Berdasarkan prinsip-prinsip fundamentalisme Islam yang memperoleh momentum di
seluruh dunia Arab pada 1980-an, Hamas didirikan pada tahun 1987 selama Intifadhah Pertama)
sebagai cabang dari Ikhwanul Muslimin Mesir. Sheik Ahmed Yassin sebagai pendiri menyatakan
pada tahun 1987, dan Piagam Hamas menegaskan pada tahun 1988, bahwa Hamas didirikan
untuk membebaskan Palestina dari pendudukan Israel dan mendirikan negara Islam di wilayah
yang sekarang menjadi Israel, Tepi Barat, dan Jalur Gaza.
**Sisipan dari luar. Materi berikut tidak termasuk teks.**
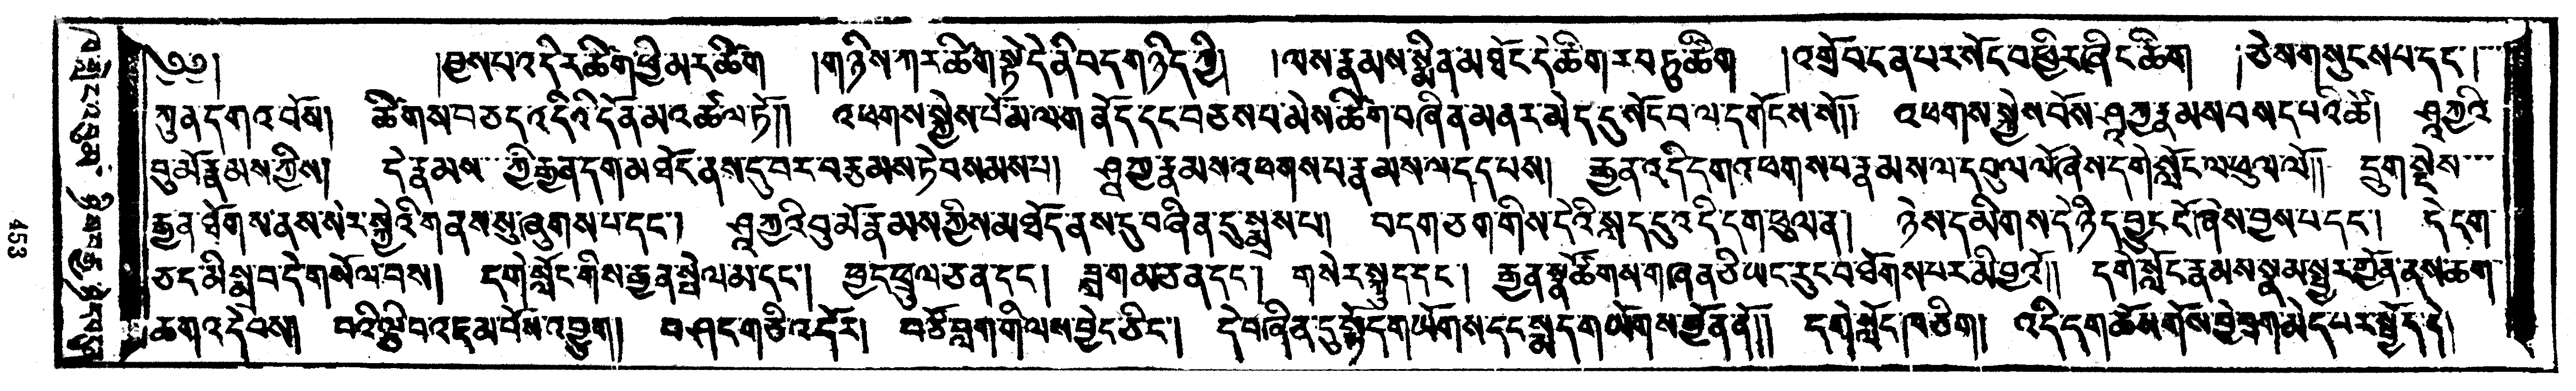༄༅། །བྱས་པ་འདིར་ཚིག་ཕྱི་མར་ཚིག །གཉིས་ཀར་ཚིག་སྟེ་དེ་ནི་བདག་ཉིད་ཀྱི། །ལས་རྣམས་སྨིན་མཐོང་དེ་ཚིག་རབ་ཏུ་ཚིག །འགྲོ་བ་ངན་པར་སོང་བ་ཕྱིར་ཞིང་ཚིག །ཅེས་གསུངས་པ་དང་།
ཀུན་དགའ་བོས། ཚིགས་བཅད་འདིའི་དོན་མ་འཚལ་ཏོ།། འཕགས་སྐྱེས་པོ་མ་ལ་གནོད་དང་བཅས་པ་མེས་ཚིག་བཞིན་མནར་མེད་དུ་སོང་བ་ལ་དགོངས་སོ།། འཕགས་སྐྱེས་བོས་ཤཱཀྱ་རྣམས་བསད་པའི་ཚེ། ཤཱཀྱའི་
བུ་མོ་རྣམས་ཀྱིས། དེ་རྣམས་ཀྱི་རྒྱན་དག་མཐོང་ནས་དུ་བར་བརྩམས་ཏེ་བསམས་པ། ཤཱཀྱ་རྣམས་འཕགས་པ་རྣམས་ལ་དད་པས། རྒྱན་འདི་དག་འཕགས་པ་རྣམས་ལ་དབུལ་ལོ་ཞེས་དགེ་སློང་ལ་ཕུལ་ལོ།། དྲུག་སྡེས་
རྒྱན་ཐོགས་ནས་སེར་སྐྱེའི་གནས་སུ་ཞུགས་པ་དང་། ཤཱཀྱའི་བུ་མོ་རྣམས་ཀྱིས་མཐོད་ནས་དུ་བཞིན་དུ་སྨྲས་པ། བདག་ཅག་གིས་དེའི་སླད་དུ་འདི་དག་ཕུལ་ན། ཉེས་དམིགས་དེ་ཉིད་བྱུང་ངོ་ཞེས་བྱས་པ་དང་། དེ་དག་
ཅད་མི་སྨྲ་བ་དེ་གསོལ་བས། དགེ་སློང་གིས་རྒྱན་སྤེལ་མ་དང་། ཕྱང་ཕྲུལ་ཅན་དང་། ཟླ་གམ་ཅན་དང་། གསེར་སྐུ་དང་། རྒྱན་སྣ་ཚོགས་གཞན་ཅི་ཡང་རུང་བ་ཐོགས་པར་མི་བྱའོ།། དགེ་སློང་རྣམས་སྣམ་སྦྱར་གྱོན་ནས་ཆག་
ཆག་འདེབས། བའི་ལྕི་བ་འཇམ་པོས་འབྱུག །བཤད་གཅི་འདོར། བཙོ་བླག་གི་ལས་བྱེད་ཅིང་། དེ་བཞིན་དུ་སྟོད་གཡོགས་དང་སྨད་གཡོགས་གྱོན་ནོ། །དགེ་སློང་ཁ་ཅིག །འདི་དག་ཆོས་གོས་བྱེ་བྲག་མེད་པར་སྦྱོད་དེ།

Namun, pada bulan Juli 2009, Khaled
Meshal, kepala biro politik Hamas, mengatakan organisasi itu bersedia bekerja sama dengan
"resolusi konflik Arab-Israel yang termasuk negara Palestina berdasarkan perbatasan tahun
1967", asalkan pengungsi Palestina memegang hak untuk kembali ke Israel dan Yerusalem
Timur menjadi ibu kota negara baru. Namun, Mousa Abu Marzook Mohammed, wakil ketua biro
politik Hamas, mengatakan pada tahun 2014 bahwa "Hamas tidak akan mengakui Israel", dan
menambahkan "ini adalah garis merah yang tidak bisa dilewati".
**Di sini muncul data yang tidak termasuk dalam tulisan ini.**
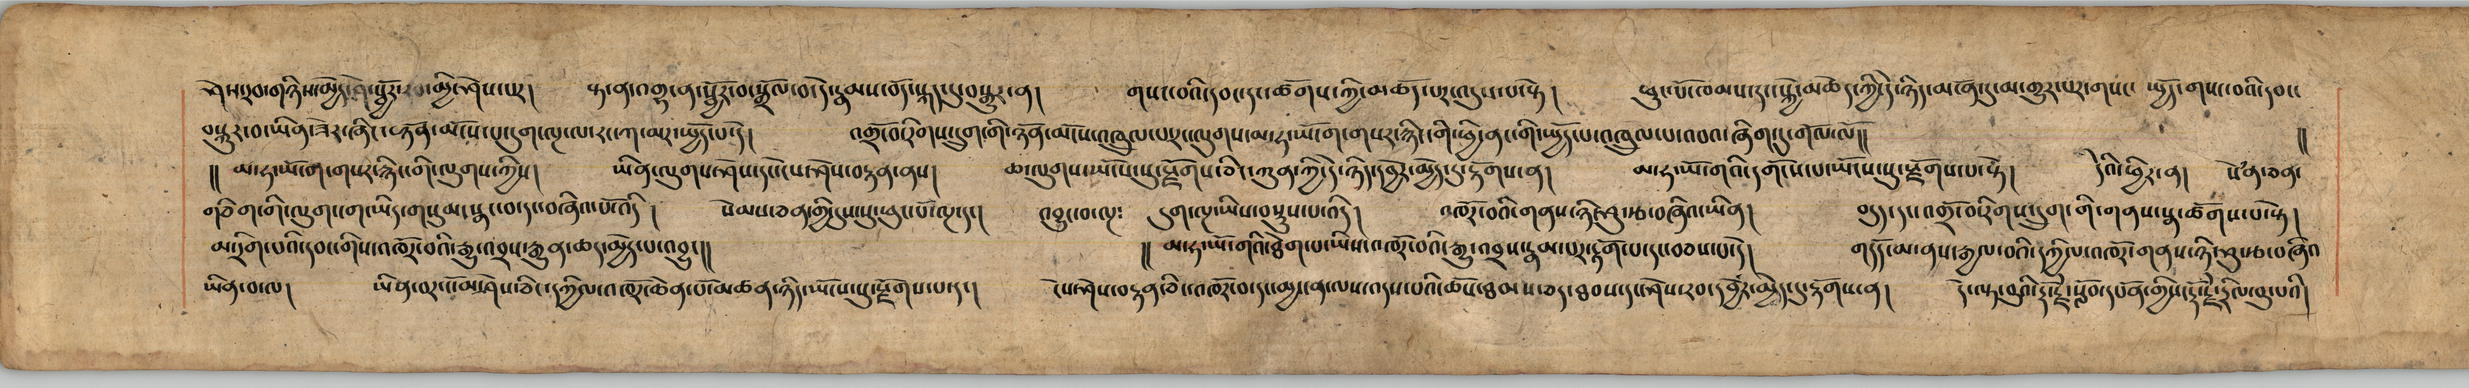ཤེས་རབ་གཉིས་མྱེད་ཤེ་སྦྱོར་རབ་མྱི་ཤེས་པར། སྟ་ན་འགྷ་ན་སྦྱོར་བ་སྒྲོལ་བ་དེ་རྣམས་བོད་སྐད་དུ་བསྒྱུར་ན། གསང་བའི་དབང་དང་ཚོགས་ཀྱི་མཆོད་པར་འདུས་པ་སྟེ། ཕུང་པོ་ཁམས་དང་སྐྱེ་མཆེད་ཀྱི་དེ་ཉིད་མངོན་དུ་མ་གྱུར་པར་གསང་ སྤྱོད་གསང་བའི་དབང་
བསྐུར་བ་ཡིན་ཟེར་ཞིང་ཉོན་མོངས་པ་དུག་ལྔ་ལ་རང་ཀ་མར་སྤྱོད་པ་དེ། འགྲོ་བ་རིགས་དྲུག་གི་ཉོན་མོངས་འཁྲུལ་པ་རང་ལུགས་མ་ཧ་ཡོ་ག་གསར་རྙིང་གི་ཕྱི་ནང་གི་སྤྱོད་པ་འཁྲུལ་པ་འབའ་ཞིག་དུ་གོལ་ལོ།།
།། མ་ཧ་ཡོ་ག་གསར་རྙིང་གི་ལུགས་ཀྱིས། ཡིན་ལུགས་ཤེས་དང་ངེས་ཤེས་བརྟན་ནས། ཆ་ལུགས་ཡོངས་སུ་སྫོགས་ཅིང་ཀུན་ཀྱི་དེ་ཉིད་དབྱེར་མྱེད་དུ་རྟོགས་ན། མ་ཧ་ཡོ་གའི་དགོངས་པ་ཡོངས་སུ་སྫོགས་པ་སྟེ། དེའི་ཕྱིར་ན། སེཾན་ཅན་
གཅིག་གི་ལུག་ངག་ཡིད་གསུམ་སྣང་བ་དང་བཞིའ་པོ་འདི། སེམས་ཅན་གྱི་ཕུང་པོ་ལྔ་དང། འབྱུང་བ་ལྔ༴ དུག་ལྔ་ཡིས་བསྡུས་པ་འདི། འཁོར་བའི་གནས་ཉི་ཤུ་རྩ་བཞིའ་ཡིན། བདུད་དང་འགྲོ་བ་རིགས་དྲུག་གི་གནས་སྣ་ཚོགས་པ་སྟེ།
མ་རིག་པའི་དབང་གིས་འཁོར་བའི་རྒྱུ་འབྲས་རྒྱུན་ཆད་མྱེད་པ་འབྱུང།། །། མ་ཧ་ཡོ་གའི་ཐེག་པ་ཡིས་འཁོར་བའི་རྒྱུ་འབྲས་རྣམ་པར་རྟོག་པ་དང་བཅས་པ་དེ། གདོད་མ་ནས་རྒྱལ་བའི་དཀྱིལ་འཁོར་གནས་ཉི་ཤུ་རྩ་བཞིའ
ཡིན་བ་ལ། ཡིན་བར་མ་ཤེས་ཅིང་དཀྱིལ་འཁོར་ཆེན་པོ་མཚན་ཉིད་ཡོངས་སུ་སྫོགས་པ་དང། ངེས་ཤེས་བརྟན་ཅིང་འཁོར་བ་དང་མྱ་ངན་ལས་འདས་པའི་ཆོས་ཐམས་ཅད་ཐབས་དང་ཤེས་རབ་དབྱེར་མྱེད་དུ་རྟོགས་ན། དེ་ལྟ་བུའི་རྡོ་རྗེ་སློབ་དཔོན་གྱིས་རྡོ་རྗེ་དྲིལ་བུ་པའི།

Pada bulan Juni 2008, sebagai bagian dari gencatan senjata yang ditengahi Mesir, Hamas
menghentikan serangan roket ke Israel dan melakukan beberapa upaya untuk mencegah serangan
oleh organisasi lain. Setelah masa tenang selama empat bulan, konflik meningkat ketika Israel
melakukan aksi militer dengan tujuan untuk mencegah penculikan yang direncanakan oleh
Hamas, menggunakan terowongan yang digali di bawah pagar keamanan perbatasan, dan
menewaskan tujuh operator Hamas. Sebagai pembalasan, Hamas menyerang Israel dengan
rentetan roket. Pada akhir Desember 2008, saat Israel menyerang Gaza dan menarik pasukannya
dari wilayah pada pertengahan Januari 2009. Setelah Perang Gaza, Hamas terus memerintah
Jalur Gaza dan Israel mempertahankan blokade ekonomi. Pada tanggal 4 Mei 2011, Hamas dan
Fatah mengumumkan perjanjian rekonsiliasi yang menyediakan untuk "pembentukan pemerintah
Palestina sementara secara bersama" sebelum pemilihan nasional yang dijadwalkan pada 2012.
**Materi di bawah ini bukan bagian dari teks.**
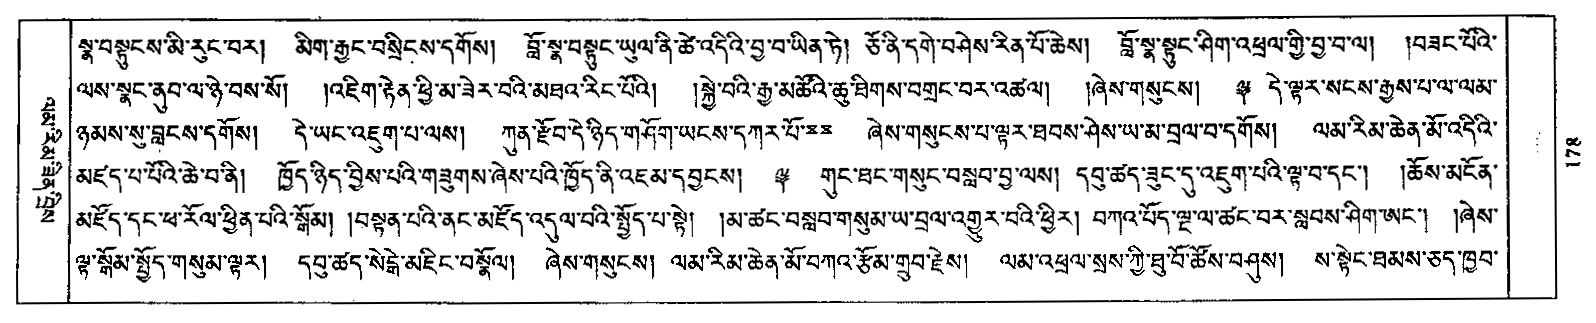སྣ་བསྟུངས་མི་རུང་བར། མིག་རྒྱང་བསྲིངས་དགོས། བློ་སྣ་བསྟུང་ཡུལ་ནི་ཚེ་འདིའི་བྱ་བ་ཡིན་ཏེ། ཅོ་ནི་དགེ་བཤེས་རིན་པོ་ཆེས། བློ་སྣ་སྟུང་ཤིག་འཕྲལ་གྱི་བྱ་བ་ལ། །བཟང་པོའི་
ལས་སྣང་ནུབ་ལ་ཉེ་བས་སོ། །འཇིག་རྟེན་ཕྱི་མ་ཟེར་བའི་མཐའ་རིང་པོའི། །སྐྱེ་བའི་རྒྱ་མཚོའི་ཆུ་ཐིགས་བགྲང་བར་འཚལ། །ཞེས་གསུངས། ༈ དེ་ལྟར་སངས་རྒྱས་པ་ལ་ལམ་
ཉམས་སུ་བླངས་དགོས། དེ་ཡང་འཇུག་པ་ལས། ཀུན་རྫོབ་དེ་ཉིད་གཤོག་ཡངས་དཀར་པོ་྾་྾་ཞེས་གསུངས་པ་ལྟར་ཐབས་ཤེས་ཡ་མ་བྲལ་བ་དགོས། ལམ་རིམ་ཆེན་མོ་འདིའི་
མཛད་པ་པོའི་ཆེ་བ་ནི། ཁྱོད་ཉིད་བྱིས་པའི་གཟུགས་ཞེས་པའི་ཁྱོད་ནི་འཇམ་དབྱངས། ༈ གུང་ཐང་གསུང་བསླབ་བྱ་ལས། དབུ་ཚད་ཟུང་དུ་འཇུག་པའི་ལྟ་བ་དང་། །ཆོས་མངོན་
མཛོད་དང་ཕ་རོལ་ཕྱིན་པའི་སྒོམ། །བསྟན་པའི་ནང་མཛོད་འདུལ་བའི་སྤྱོད་པ་སྟེ། །མ་ཚང་བསླབ་གསུམ་ཡ་བྲལ་འགྱུར་བའི་ཕྱིར། བཀའ་པོད་ལྔ་ལ་ཚང་བར་སླབས་ཤིག་ཨང་། །ཞེས་
ལྟ་སྒོམ་སྤྱོད་གསུམ་ལྟར། དབུ་ཚད་སེངྒེ་མཇིང་བསྣོལ། ཞེས་གསུངས། ལམ་རིམ་ཆེན་མོ་བཀའ་རྩོམ་གྲུབ་རྗེས། ལམ་འཕྲལ་སྲས་ཀྱི་ཐུ་བོ་ཚོས་བཤུས། ས་སྟེང་ཐམས་ཅད་ཁྱབ་

Menurut laporan berita Israel yang mengutip pemimpin Fatah Mahmud Abbas, sebagai syarat
bergabung dengan PLO, Khalid Mishaal setuju untuk menghentikan "perjuangan bersenjata"
melawan Israel dan menerima Negara Palestina dalam perbatasan tahun 1967, di samping Israel.
Piagam Hamas 1988 menyatakan bahwa Hamas "berusaha untuk menaikkan bendera
Allah di setiap inci dari Palestina" (Pasal Enam). Pasal Tiga puluh Salah satu dari Piagam
negara: "Di bawah sayap Islam, adalah mungkin bagi para pengikut tiga agama -Islam, Kristen
dan Yahudi- untuk hidup berdampingan dalam damai dan tenang dengan satu sama lain" Setelah
pemilu tahun 2006, pendiri Hamas Mahmoud Al-Zahar tidak menutup kemungkinan menerima
"solusi dua-negara sementara", dan menyatakan bahwa ia bermimpi "menggantung peta besar
dunia di dinding rumah saya di Gaza yang tidak menunjukkan Israel di atasnya". Xinhua
melaporkan bahwa Al-Zahar "tidak menutup kemungkinan memiliki Yahudi, Muslim dan
Kristen yang hidup di bawah kedaulatan sebuah negara Islam". Pada akhir 2006, Ismail Haniyeh,
pemimpin politik Hamas, mengatakan bahwa jika negara Palestina terbentuk berdasarkan batas
1967, Hamas bersedia untuk menyatakan gencatan senjata yang bisa bertahan selama 20 tahun,
dan menyatakan bahwa Hamas tidak akan pernah mengakui "perampas pemerintah Zionis" dan
akan terus "seperti gerakan jihad sampai pembebasan Yerusalem".
Tokoh
 Mahmoud al-Zahar
 Sheikh Ahmed Yassin
 Yahya Ayyash
 Abdullah Yusuf Azzam
 Abdel Aziz al-Rantissi
 Khaled Meshal
 Ismail Haniya

Muhammadiyah
Muhammadiyah adalah sebuah organisasi Islam yang besar di Indonesia. Nama
organisasi ini diambil dari nama Nabi Muhammad SAW, sehingga Muhammadiyah juga dapat
dikenal sebagai orang-orang yang menjadi pengikut Nabi Muhammad SAW. Tujuan utama
Muhammadiyah adalah mengembalikan seluruh penyimpangan yang terjadi dalam proses
dakwah. Penyimpangan ini sering menyebabkan ajaran Islam bercampur-baur dengan kebiasaan
di daerah tertentu dengan alasan adaptasi.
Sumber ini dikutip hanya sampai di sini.